Bug 465213

Summary: x86 tzcnt/lzcnt are incorrectly handled
Product: [Developer tools] valgrind Reporter: JunYoung Park <parkjuny>
Component: vexAssignee: Julian Seward <jseward>
Status: REPORTED ---    
Severity: normal    
Priority: NOR    
Version First Reported In: 3.21 GIT   
Target Milestone: ---   
Platform: unspecified   
OS: All   
Latest Commit: Version Fixed/Implemented In:
Sentry Crash Report:

Description JunYoung Park 2023-02-03 06:45:10 UTC
commit `7003f40be9de1e10796578cba9e40ea6a548fc16` (current latest)

```c
// VEX/priv/guest_x86_toIR.c:14270
      switch (abyte) {
      case 0x0F:
         switch (getIByte(delta)) {
         /* On older CPUs, TZCNT behaves the same as BSF.  */
         case 0xBC: /* REP BSF Gv,Ev */
            delta = dis_bs_E_G ( sorb, sz, delta + 1, True );
            break;
         /* On older CPUs, LZCNT behaves the same as BSR.  */
         case 0xBD: /* REP BSR Gv,Ev */
            delta = dis_bs_E_G ( sorb, sz, delta + 1, False );
            break;
         default:
            goto decode_failure;
         }
         break;
```

In x86, `tzcnt` behaves not the same with `bsf`, and `lzcnt` behaves not the same with `bsr`. For operands that have values of 0, `tzcnt` and `lzcnt` give results of 0x20, while `bsf` and `bsr` give results of 0.

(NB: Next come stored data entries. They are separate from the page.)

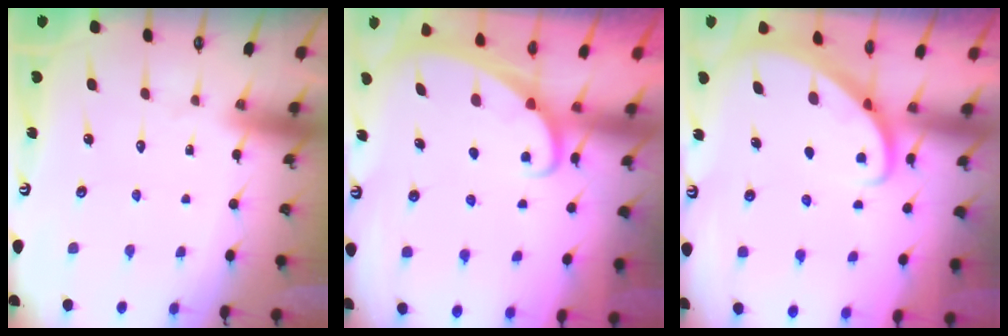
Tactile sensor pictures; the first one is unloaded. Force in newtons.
{"total": 1.9, "press": 1.9, "slide": 0.1}
{"total": 2.3, "press": 2.3, "slide": 0.3}
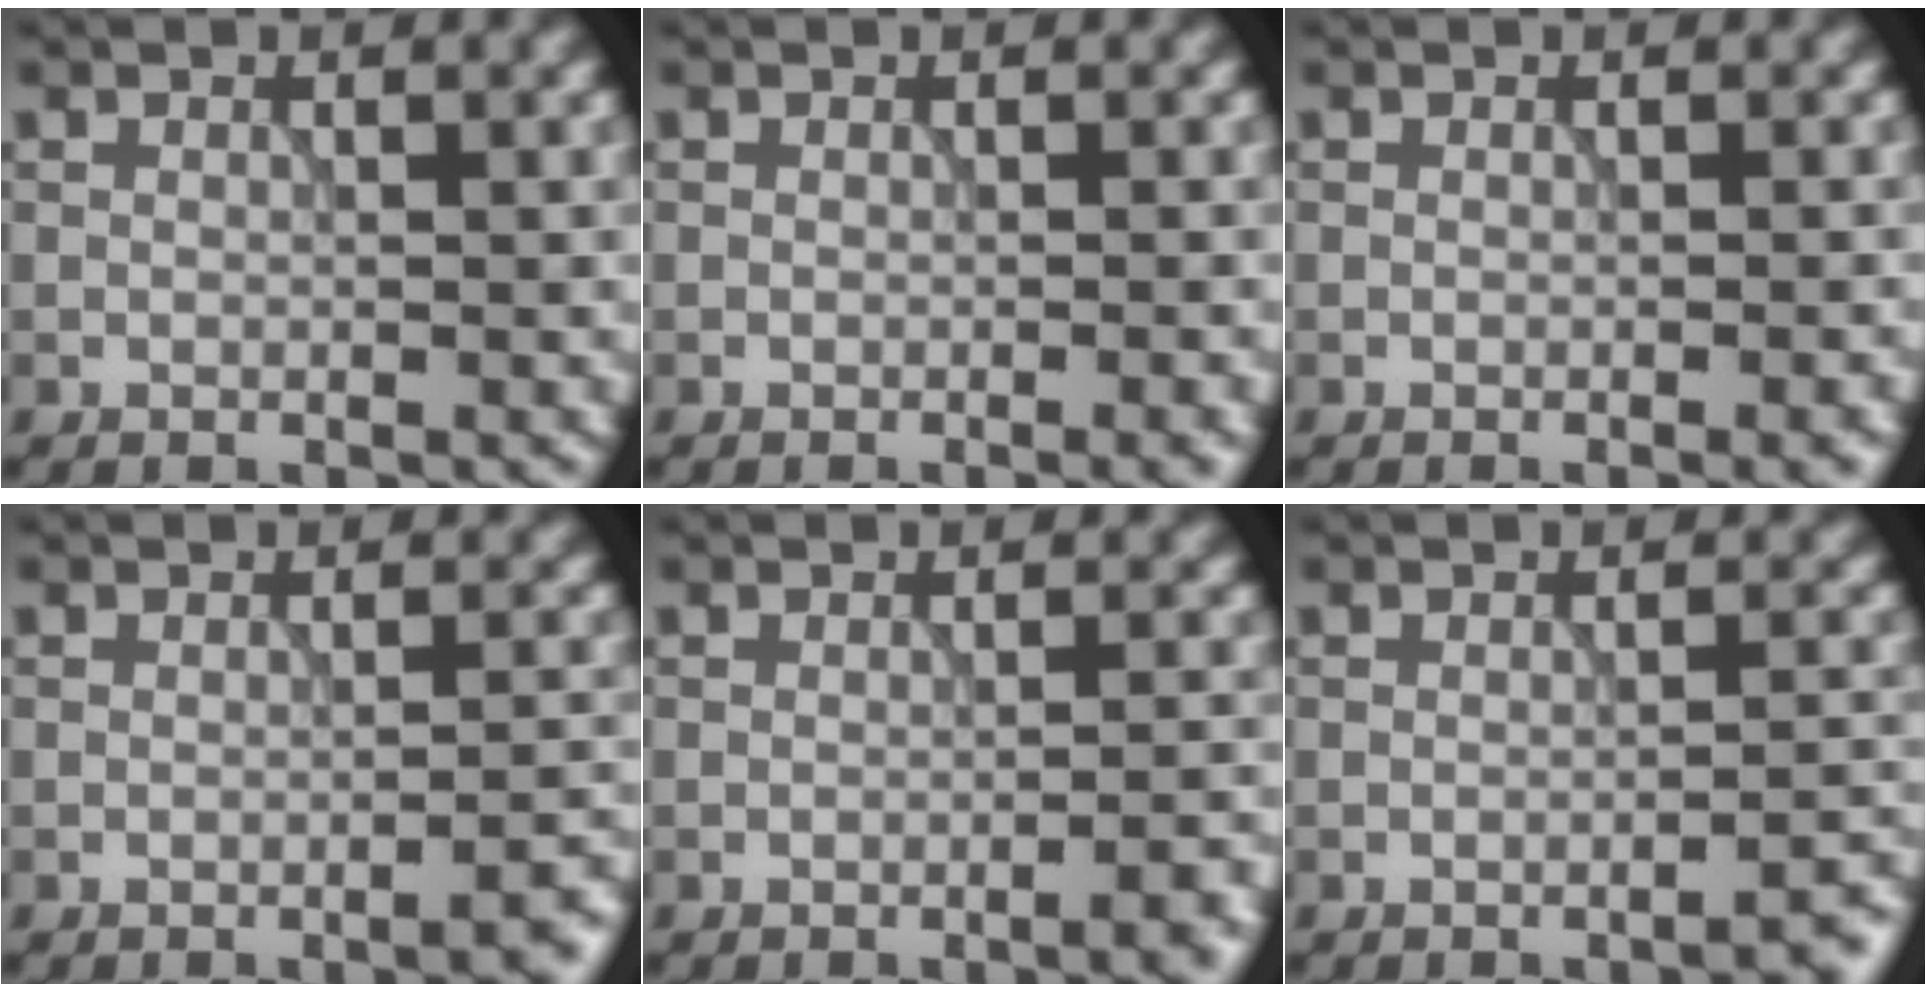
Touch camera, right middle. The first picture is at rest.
{"total": 1.4, "force": [-0.6, 0.3, 1.2], "torque": [-0.007, 0.000, -0.011]}
{"total": 1.5, "force": [-0.6, 0.3, 1.3], "torque": [-0.007, 0.001, -0.010]}
{"total": 2.1, "force": [-1.3, 0.4, 1.6], "torque": [-0.013, 0.007, -0.024]}
{"total": 2.1, "force": [-1.2, 0.5, 1.7], "torque": [-0.014, 0.006, -0.023]}
{"total": 2.2, "force": [-1.7, 0.4, 1.3], "torque": [-0.004, 0.011, -0.031]}
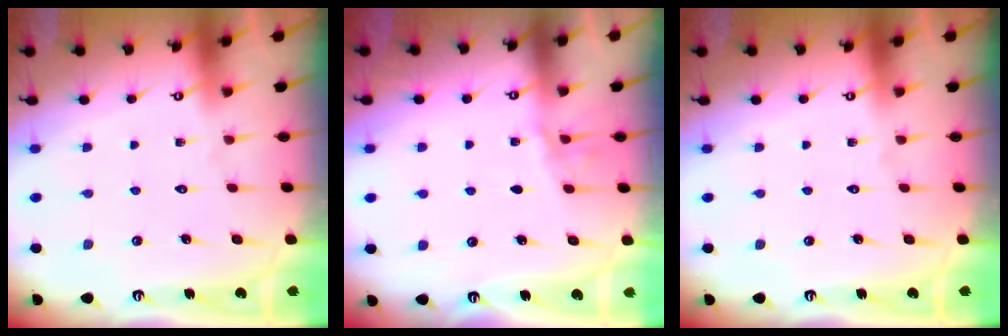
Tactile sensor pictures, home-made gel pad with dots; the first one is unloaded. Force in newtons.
{"total": 2.6, "press": 2.6, "slide": 0.4}
{"total": 0.0}
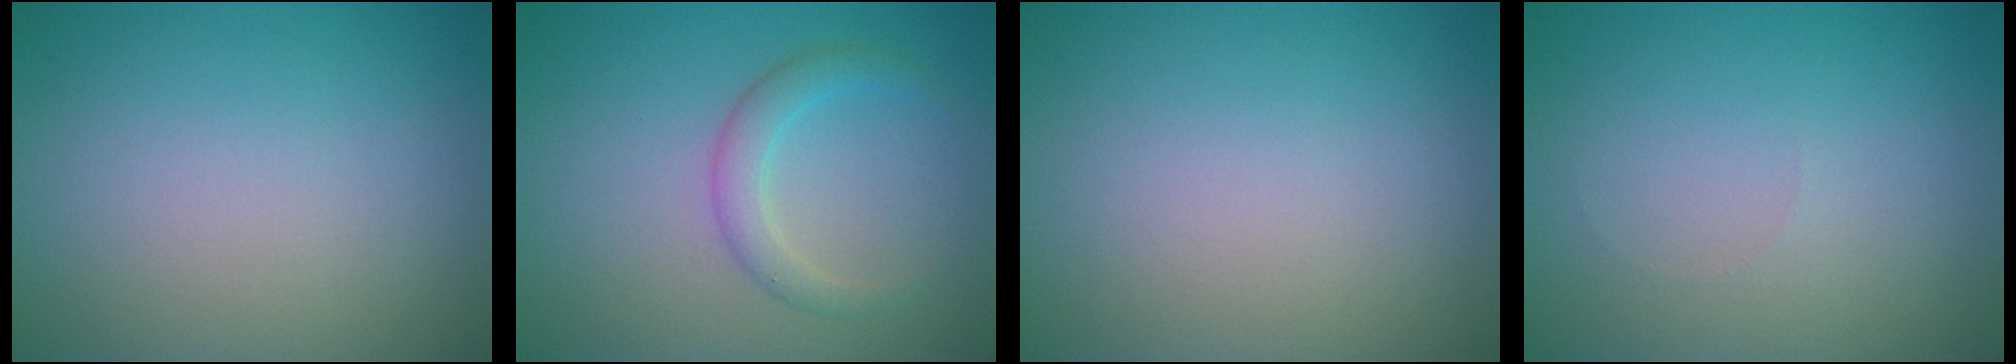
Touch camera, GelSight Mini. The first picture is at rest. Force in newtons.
{"total": 2.2, "press": 2.2, "slide": 0.1}
{"total": 0.0}
{"total": 0.0}
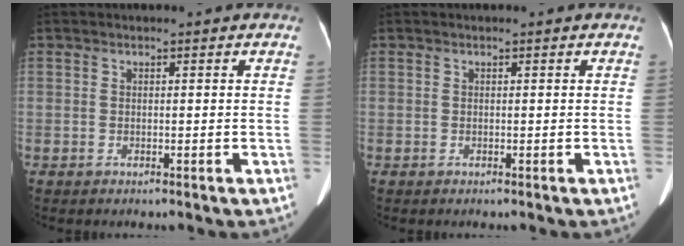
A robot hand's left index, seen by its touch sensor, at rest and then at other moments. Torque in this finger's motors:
{"motor_torque": [-0.11, -0.08, 0.00, 0.00]}
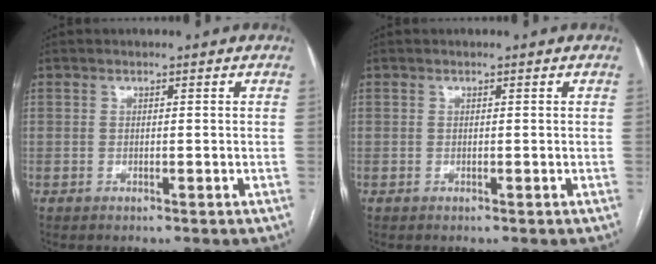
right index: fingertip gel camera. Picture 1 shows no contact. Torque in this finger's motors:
{"motor_torque": [0.04, 0.03, 0.02, 0.00]}
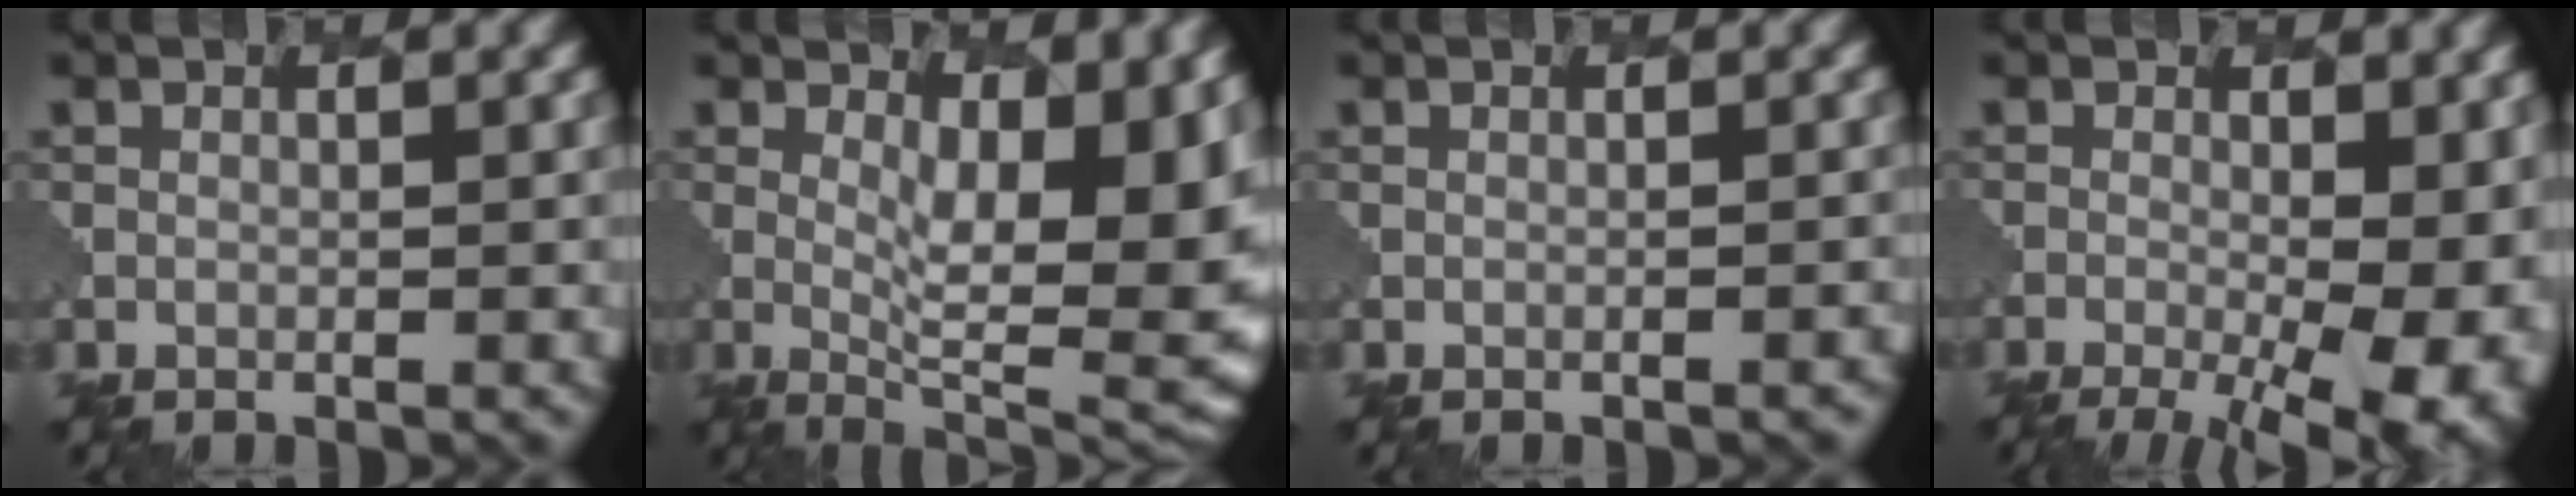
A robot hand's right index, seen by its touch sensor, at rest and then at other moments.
{"total": 12.8, "force": [2.1, 5.6, 11.2], "torque": [-0.114, -0.004, 0.034]}
{"total": 1.0, "force": [-0.7, 0.3, 0.5], "torque": [0.008, 0.002, -0.006]}
{"total": 12.7, "force": [-3.0, 6.1, 10.7], "torque": [-0.135, -0.020, -0.032]}

You can refer to https://www.felixcloutier.com/x86/tzcnt and https://www.felixcloutier.com/x86/lzcnt .

> The key difference between TZCNT and BSF instruction is that TZCNT provides
> operand size as output when source operand is zero while in the case of BSF 
> instruction, if source operand is zero, the content of destination operand are 
> undefined.
> LZCNT differs from BSR. For example, LZCNT will produce the operand size 
> when the input operand is zero.

I saw this problematic when I was lifting `tzcnt` and `lzcnt` with pyvex. I'm not sure if the code is the correct place to fix.